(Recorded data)
_ _ _ _

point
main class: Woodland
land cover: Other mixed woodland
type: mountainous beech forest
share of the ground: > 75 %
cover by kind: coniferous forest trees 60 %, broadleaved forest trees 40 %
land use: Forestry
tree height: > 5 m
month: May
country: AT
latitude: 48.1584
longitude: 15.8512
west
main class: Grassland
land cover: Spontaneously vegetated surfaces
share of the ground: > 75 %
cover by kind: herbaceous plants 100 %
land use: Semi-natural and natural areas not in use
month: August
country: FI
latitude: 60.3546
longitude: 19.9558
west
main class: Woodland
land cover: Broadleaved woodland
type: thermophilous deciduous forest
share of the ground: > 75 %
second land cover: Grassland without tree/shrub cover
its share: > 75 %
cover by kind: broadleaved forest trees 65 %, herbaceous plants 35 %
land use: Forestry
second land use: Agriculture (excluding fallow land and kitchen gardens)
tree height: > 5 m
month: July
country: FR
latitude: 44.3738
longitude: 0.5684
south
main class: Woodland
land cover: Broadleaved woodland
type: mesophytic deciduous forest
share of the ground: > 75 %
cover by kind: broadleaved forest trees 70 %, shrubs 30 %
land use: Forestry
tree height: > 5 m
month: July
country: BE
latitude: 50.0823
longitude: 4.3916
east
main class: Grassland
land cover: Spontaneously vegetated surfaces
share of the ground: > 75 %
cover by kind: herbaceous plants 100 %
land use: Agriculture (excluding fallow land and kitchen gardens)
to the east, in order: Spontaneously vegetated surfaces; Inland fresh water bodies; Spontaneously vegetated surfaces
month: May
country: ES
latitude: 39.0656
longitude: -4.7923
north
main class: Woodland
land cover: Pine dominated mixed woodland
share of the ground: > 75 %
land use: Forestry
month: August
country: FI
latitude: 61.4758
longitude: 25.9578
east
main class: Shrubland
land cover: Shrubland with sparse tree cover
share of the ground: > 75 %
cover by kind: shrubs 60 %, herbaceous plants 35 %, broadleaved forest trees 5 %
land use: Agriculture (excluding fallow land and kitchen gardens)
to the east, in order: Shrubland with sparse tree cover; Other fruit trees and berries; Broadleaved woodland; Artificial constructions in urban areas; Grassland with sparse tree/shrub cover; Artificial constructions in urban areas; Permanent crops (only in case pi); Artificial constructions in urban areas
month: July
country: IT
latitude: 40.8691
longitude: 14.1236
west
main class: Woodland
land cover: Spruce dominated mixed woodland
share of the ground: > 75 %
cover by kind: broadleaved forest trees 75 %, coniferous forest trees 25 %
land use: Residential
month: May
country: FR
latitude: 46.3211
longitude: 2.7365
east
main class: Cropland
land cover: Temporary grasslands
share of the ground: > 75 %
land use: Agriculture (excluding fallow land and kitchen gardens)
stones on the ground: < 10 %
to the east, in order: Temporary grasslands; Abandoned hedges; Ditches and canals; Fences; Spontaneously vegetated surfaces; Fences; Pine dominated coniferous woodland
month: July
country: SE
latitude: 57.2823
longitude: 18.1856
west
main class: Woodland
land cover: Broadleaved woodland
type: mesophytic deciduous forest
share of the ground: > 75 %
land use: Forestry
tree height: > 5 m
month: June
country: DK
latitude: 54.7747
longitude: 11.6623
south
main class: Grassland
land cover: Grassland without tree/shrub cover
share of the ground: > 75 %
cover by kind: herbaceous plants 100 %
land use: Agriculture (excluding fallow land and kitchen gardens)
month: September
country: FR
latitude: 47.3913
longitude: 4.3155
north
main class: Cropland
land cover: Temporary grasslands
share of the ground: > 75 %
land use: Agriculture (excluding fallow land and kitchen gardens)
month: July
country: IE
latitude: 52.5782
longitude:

_ _ _ _

Every entry must be quoted exactly as it appears above.

point
main class: Woodland
land cover: Other mixed woodland
type: mountainous beech forest
share of the ground: > 75 %
cover by kind: coniferous forest trees 60 %, broadleaved forest trees 40 %
land use: Forestry
tree height: > 5 m
month: May
country: AT
latitude: 48.1584
longitude: 15.8512
west
main class: Grassland
land cover: Spontaneously vegetated surfaces
share of the ground: > 75 %
cover by kind: herbaceous plants 100 %
land use: Semi-natural and natural areas not in use
month: August
country: FI
latitude: 60.3546
longitude: 19.9558
west
main class: Woodland
land cover: Broadleaved woodland
type: thermophilous deciduous forest
share of the ground: > 75 %
second land cover: Grassland without tree/shrub cover
its share: > 75 %
cover by kind: broadleaved forest trees 65 %, herbaceous plants 35 %
land use: Forestry
second land use: Agriculture (excluding fallow land and kitchen gardens)
tree height: > 5 m
month: July
country: FR
latitude: 44.3738
longitude: 0.5684
south
main class: Woodland
land cover: Broadleaved woodland
type: mesophytic deciduous forest
share of the ground: > 75 %
cover by kind: broadleaved forest trees 70 %, shrubs 30 %
land use: Forestry
tree height: > 5 m
month: July
country: BE
latitude: 50.0823
longitude: 4.3916
east
main class: Grassland
land cover: Spontaneously vegetated surfaces
share of the ground: > 75 %
cover by kind: herbaceous plants 100 %
land use: Agriculture (excluding fallow land and kitchen gardens)
to the east, in order: Spontaneously vegetated surfaces; Inland fresh water bodies; Spontaneously vegetated surfaces
month: May
country: ES
latitude: 39.0656
longitude: -4.7923
north
main class: Woodland
land cover: Pine dominated mixed woodland
share of the ground: > 75 %
land use: Forestry
month: August
country: FI
latitude: 61.4758
longitude: 25.9578
east
main class: Shrubland
land cover: Shrubland with sparse tree cover
share of the ground: > 75 %
cover by kind: shrubs 60 %, herbaceous plants 35 %, broadleaved forest trees 5 %
land use: Agriculture (excluding fallow land and kitchen gardens)
to the east, in order: Shrubland with sparse tree cover; Other fruit trees and berries; Broadleaved woodland; Artificial constructions in urban areas; Grassland with sparse tree/shrub cover; Artificial constructions in urban areas; Permanent crops (only in case pi); Artificial constructions in urban areas
month: July
country: IT
latitude: 40.8691
longitude: 14.1236
west
main class: Woodland
land cover: Spruce dominated mixed woodland
share of the ground: > 75 %
cover by kind: broadleaved forest trees 75 %, coniferous forest trees 25 %
land use: Residential
month: May
country: FR
latitude: 46.3211
longitude: 2.7365
east
main class: Cropland
land cover: Temporary grasslands
share of the ground: > 75 %
land use: Agriculture (excluding fallow land and kitchen gardens)
stones on the ground: < 10 %
to the east, in order: Temporary grasslands; Abandoned hedges; Ditches and canals; Fences; Spontaneously vegetated surfaces; Fences; Pine dominated coniferous woodland
month: July
country: SE
latitude: 57.2823
longitude: 18.1856
west
main class: Woodland
land cover: Broadleaved woodland
type: mesophytic deciduous forest
share of the ground: > 75 %
land use: Forestry
tree height: > 5 m
month: June
country: DK
latitude: 54.7747
longitude: 11.6623
south
main class: Grassland
land cover: Grassland without tree/shrub cover
share of the ground: > 75 %
cover by kind: herbaceous plants 100 %
land use: Agriculture (excluding fallow land and kitchen gardens)
month: September
country: FR
latitude: 47.3913
longitude: 4.3155
north
main class: Cropland
land cover: Temporary grasslands
share of the ground: > 75 %
land use: Agriculture (excluding fallow land and kitchen gardens)
month: July
country: IE
latitude: 52.5782
longitude:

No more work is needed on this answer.